嚴氏接過熱茶,輕吹了下,“我也知道老夫人惱我,可我,我與相公這麼久沒見,我……還有幾個孩子……”
熱氣氤氳薰得她臉上似有淚痕,不過那丫鬟似乎是鐵石心腸,絲毫不爲所動。“三老爺和幾位爺們今兒立了大功,一家子正歡慶的時候,您就別過去了吧!”
“你這是什麼話?”嚴氏生氣的瞪着丫鬟。
“實話。三夫人您是貴人,咱們命賤不能跟您比,您犯了大錯,老夫人尚好吃好喝的供着,還指了奴婢們來侍候,上回您犯胡塗,黃嬤嬤來警告奴婢們,若再侍候不了您,就要將奴婢們連着家人都一塊發賣出去。”丫鬟面無表情的道:“三夫人,奴婢求您了,求您高擡貴手,饒了奴婢們一家老小的命吧!”
嚴氏語塞,若是她從嚴家帶來的,身契都在自己手上,那要丫鬟們怎麼做,當然是只有她說了算,可是如今她身邊侍候的人,全都是老夫人派過來的,她與這些丫鬟沒有恩情。沒有長年積攢的情份,更不用說花錢收買。她身上僅有公中給的月錢,打賞丫鬟都嫌不夠,更不用說收買人爲她做事。
年前她好不容易攢了些錢,寫了封信讓人想法子送出府,送去寧夏城嚴家給她大哥,誰知信纔出手,不到半個時辰,老太婆的心腹黃嬤嬤就帶人殺進來,幫她送信出去的粗使婆子。跟兩個沒見過面的婆子,黃嬤嬤說老夫人被氣暈過去。話裡話外都在指責她不孝,搬弄是非云云,可誰知她心裡的苦啊!
她心煩的擺手,趕丫鬟出去,她披了件斗篷開了窗,夜風中傳來斷續的笑語聲,頹然的倚着窗,嚴氏暗恨。若是她的慕雪還活着。

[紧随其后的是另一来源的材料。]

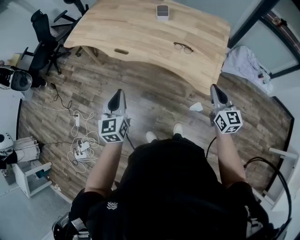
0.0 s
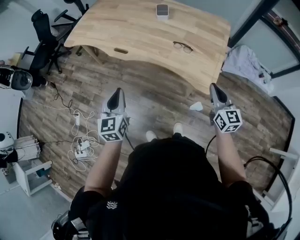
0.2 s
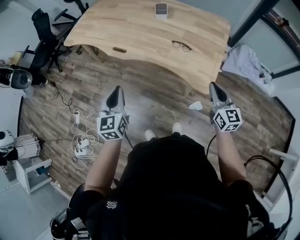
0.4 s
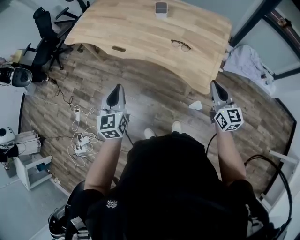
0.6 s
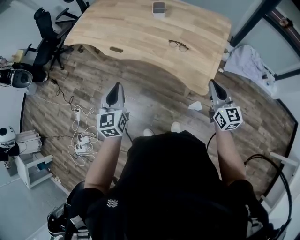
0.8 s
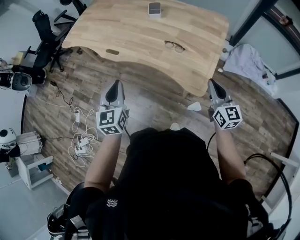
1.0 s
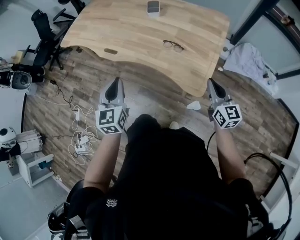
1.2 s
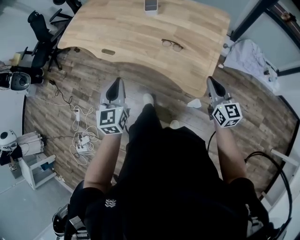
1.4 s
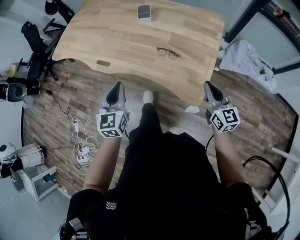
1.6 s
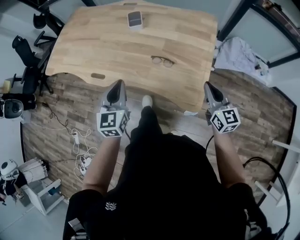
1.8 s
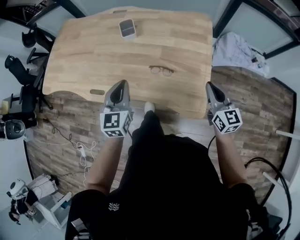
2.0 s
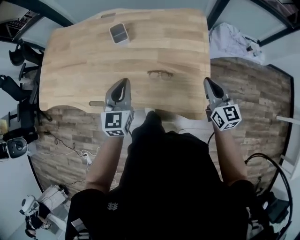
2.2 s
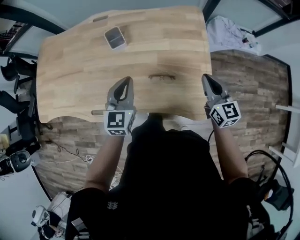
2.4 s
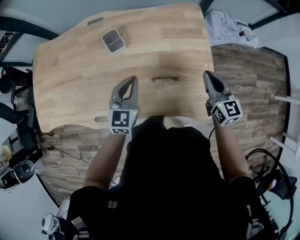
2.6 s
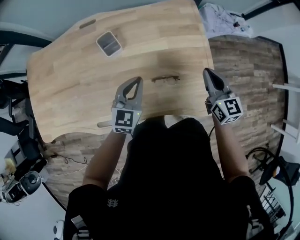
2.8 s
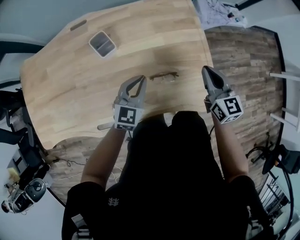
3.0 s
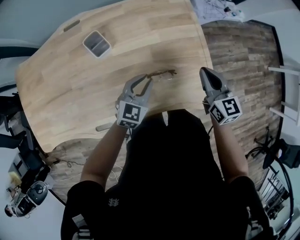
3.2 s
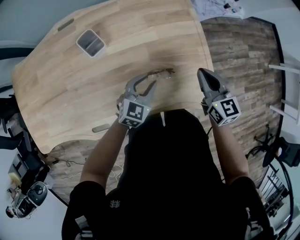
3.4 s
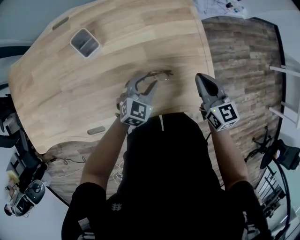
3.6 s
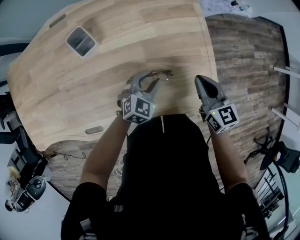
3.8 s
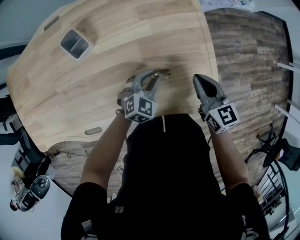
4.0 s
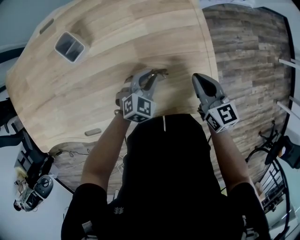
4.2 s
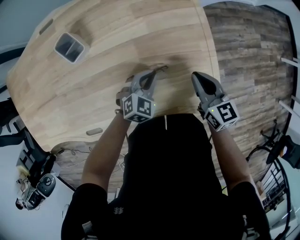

老太婆豈會這麼待她?丈夫又怎會任由婆母這樣對待她?
她罵罵咧咧的坐到炕上,憤恨的拉過一個迎枕死命的拍打着。
嚴氏的言行,不一會兒功夫就傳到老夫人耳中。她鄙夷的冷笑了聲,趁着更衣的空檔與黃嬤嬤:“那個不省心的,還在怨天恨地的。”
“要老奴說,您待三夫人也太寛了,自她進門,您就不曾與她擺過婆婆的譜,既不曾要她立規矩,也沒要她侍候過,三老爺也一向敬重,偏她心太大,想要染指前頭三夫人留下的妝奩,這也罷了,竟還謀害三老爺的子嗣。”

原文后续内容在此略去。